Più di tutto, è il tempo a essere scarso. Perché mentre il Mondo costruisce, noi discutiamo. Il risultato è un ecosistema che funziona solo a tratti, per eccezioni. Con punte d’eccellenza, sì, ma senza struttura solida. Il rischio è di continuare a importare l’AI, invece di costruirla. Crescita veloce, impatto basso. Il Mercato italiano dell’intelligenza artificiale continua a salire nei numeri assoluti, ma resta irrilevante nelle proporzioni. Nel 2025 la spesa in AI ha superato gli 1,2 miliardi di euro, con un incremento del 58% rispetto all’anno precedente (Fonte: Osservatorio Artificial Intelligence del Politecnico di Milano). Una corsa accelerata, ma isolata. In Germania, lo stesso Mercato vale già oltre 5 miliardi. In Francia, ha sfondato quota 3. La distanza non è più tecnica: è sistemica.

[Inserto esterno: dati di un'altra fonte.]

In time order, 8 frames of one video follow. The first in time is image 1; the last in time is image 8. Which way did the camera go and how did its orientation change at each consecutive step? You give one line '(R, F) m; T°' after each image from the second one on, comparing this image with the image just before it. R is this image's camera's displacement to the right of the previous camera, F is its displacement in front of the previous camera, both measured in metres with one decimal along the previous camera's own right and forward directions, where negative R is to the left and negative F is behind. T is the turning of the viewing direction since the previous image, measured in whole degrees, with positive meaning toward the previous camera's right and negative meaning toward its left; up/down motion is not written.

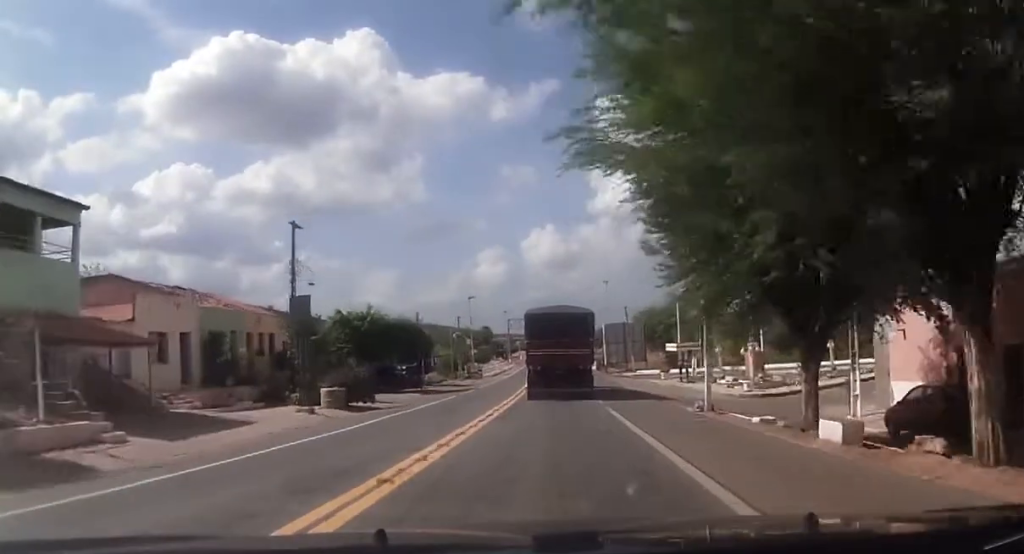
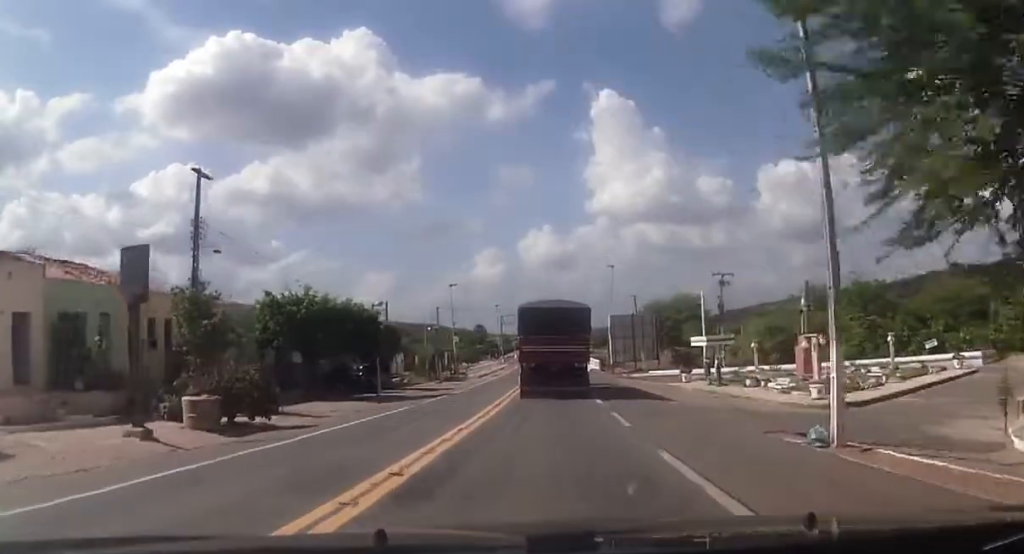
(-0.2, +11.4) m; 0°
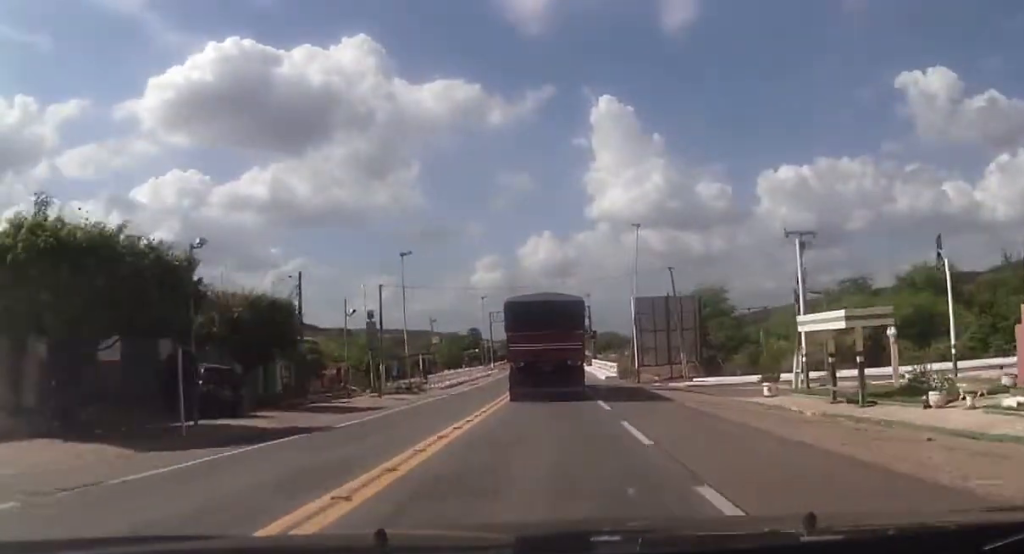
(+0.3, +20.2) m; +1°
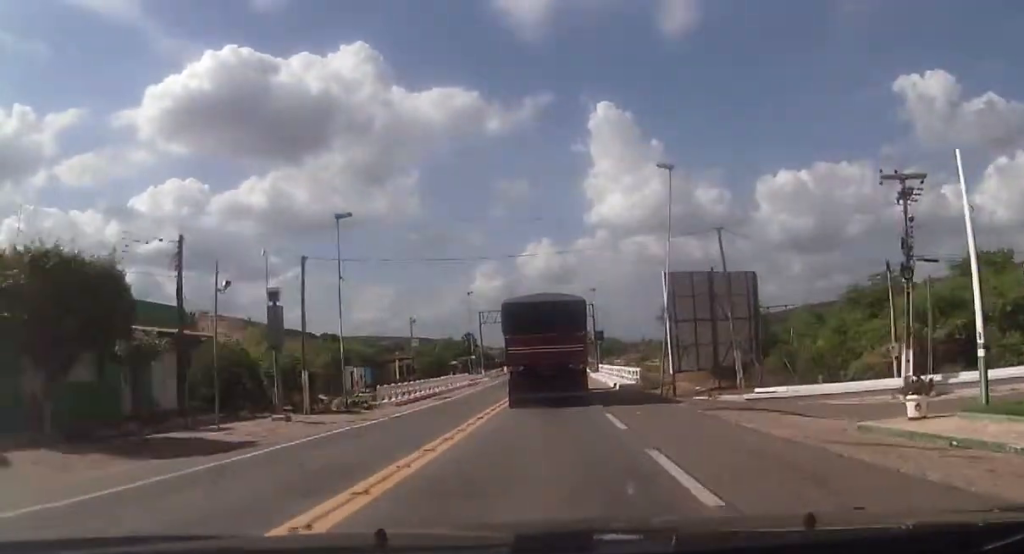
(-0.1, +13.5) m; -1°
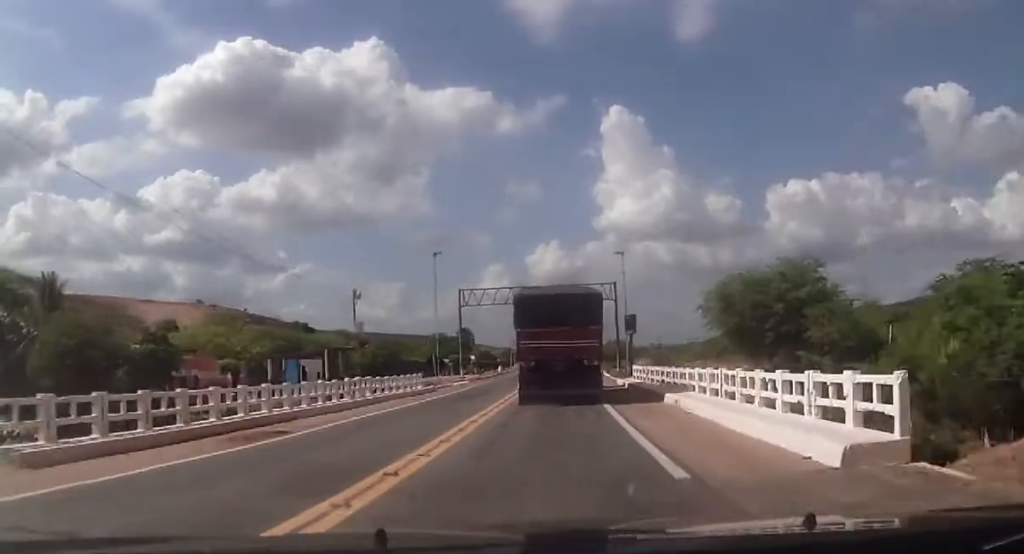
(-0.3, +26.1) m; 0°
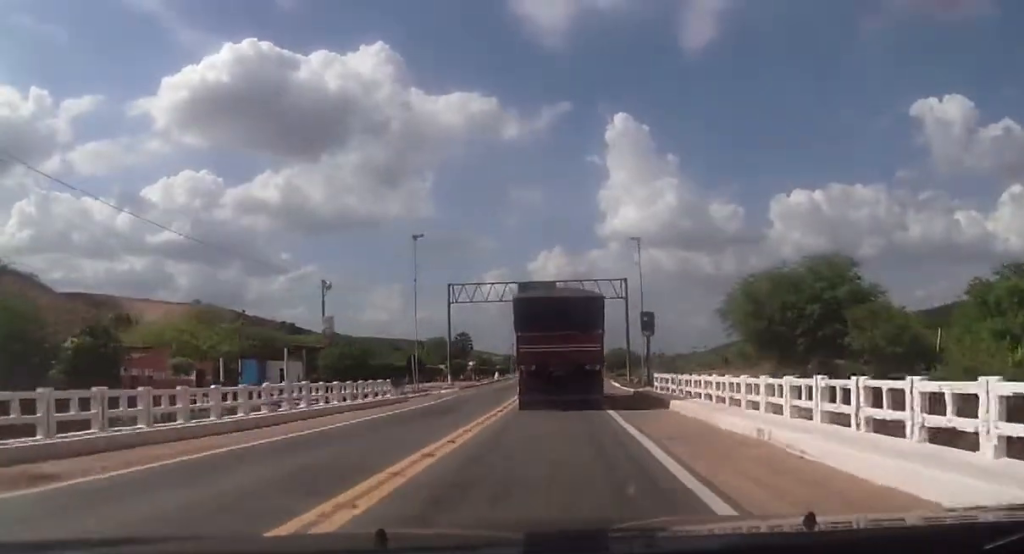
(0.0, +8.3) m; +1°
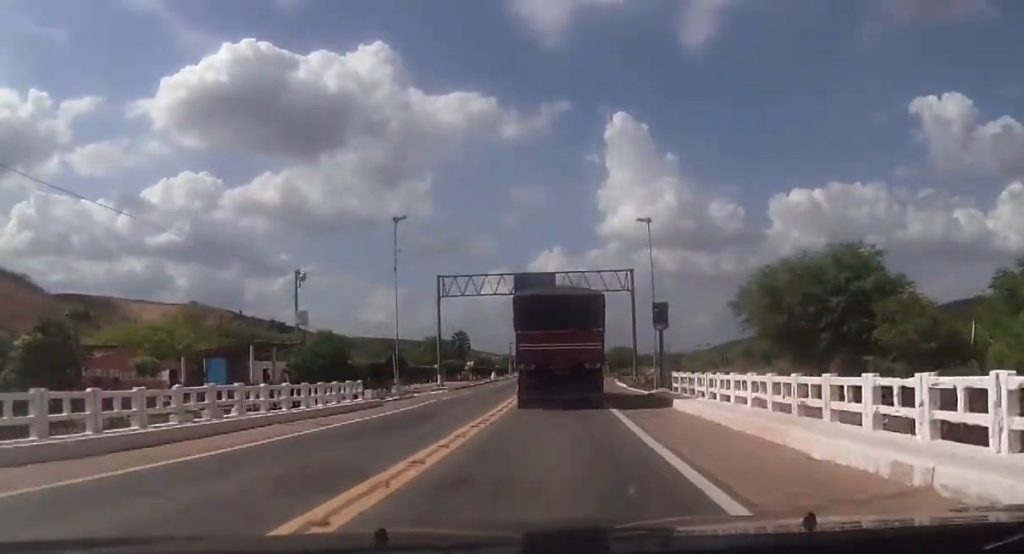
(+0.1, +5.0) m; 0°
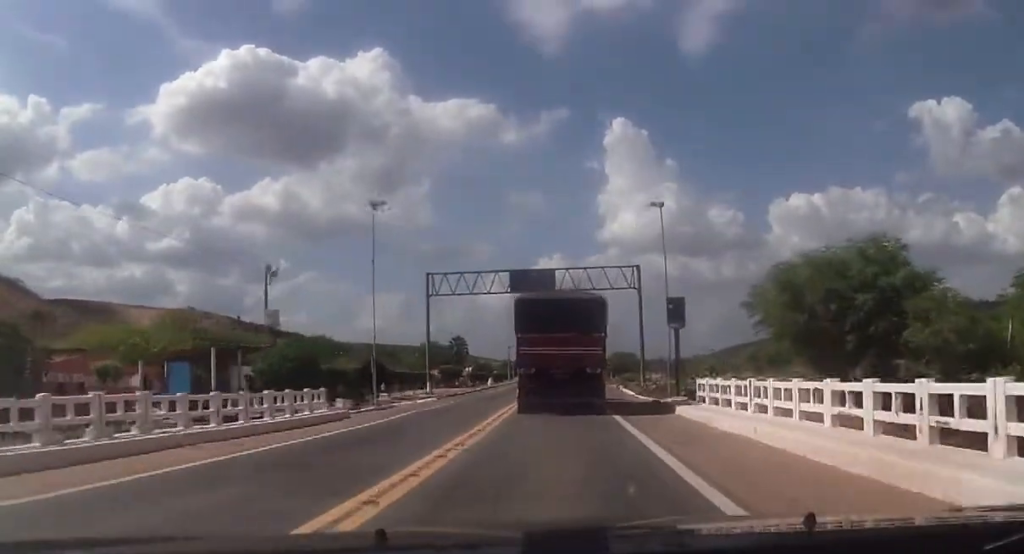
(+0.1, +4.7) m; 0°

Il nostro Paese si distingue per un’adozione superficiale. Quasi la metà degli investimenti è concentrata su strumenti “chiavi in mano”, sviluppati all’estero: ChatGPT, Copilot, Gemini. Il 53% delle grandi aziende ha integrato tool di AI generativa, un dato superiore alla media europea. Ma dietro i numeri c’è il vuoto: pochi progetti nativi, nessun prodotto proprietario, scarsa integrazione nei processi. L’AI viene acquistata, non progettata.

Il 59% delle grandi aziende ha avviato almeno un progetto di intelligenza artificiale, ma solo il 25% ha portato qualcosa a regime. La maggior parte si ferma a prototipi o proof of concept. Il resto del sistema è assente. Appena il 15% delle medie imprese ha messo mano a un progetto. Tra le piccole, meno del 7%. La frattura tra attori di grandi dimensioni e PMI è evidente quanto potenzialmente letale per il futuro: senza una diffusione capillare, il Mercato non diventa ecosistema.

Questa dinamica produce un effetto distorsivo. I numeri crescono, ma si concentrano in pochi settori: finanza, telecomunicazioni, assicurazioni. Altrove – manifattura, turismo, agroalimentare – l’intelligenza artificiale resta un oggetto ancora teorico. Il risultato è un’adozione diseguale, poco resiliente, esposta alla volatilità degli early adopter.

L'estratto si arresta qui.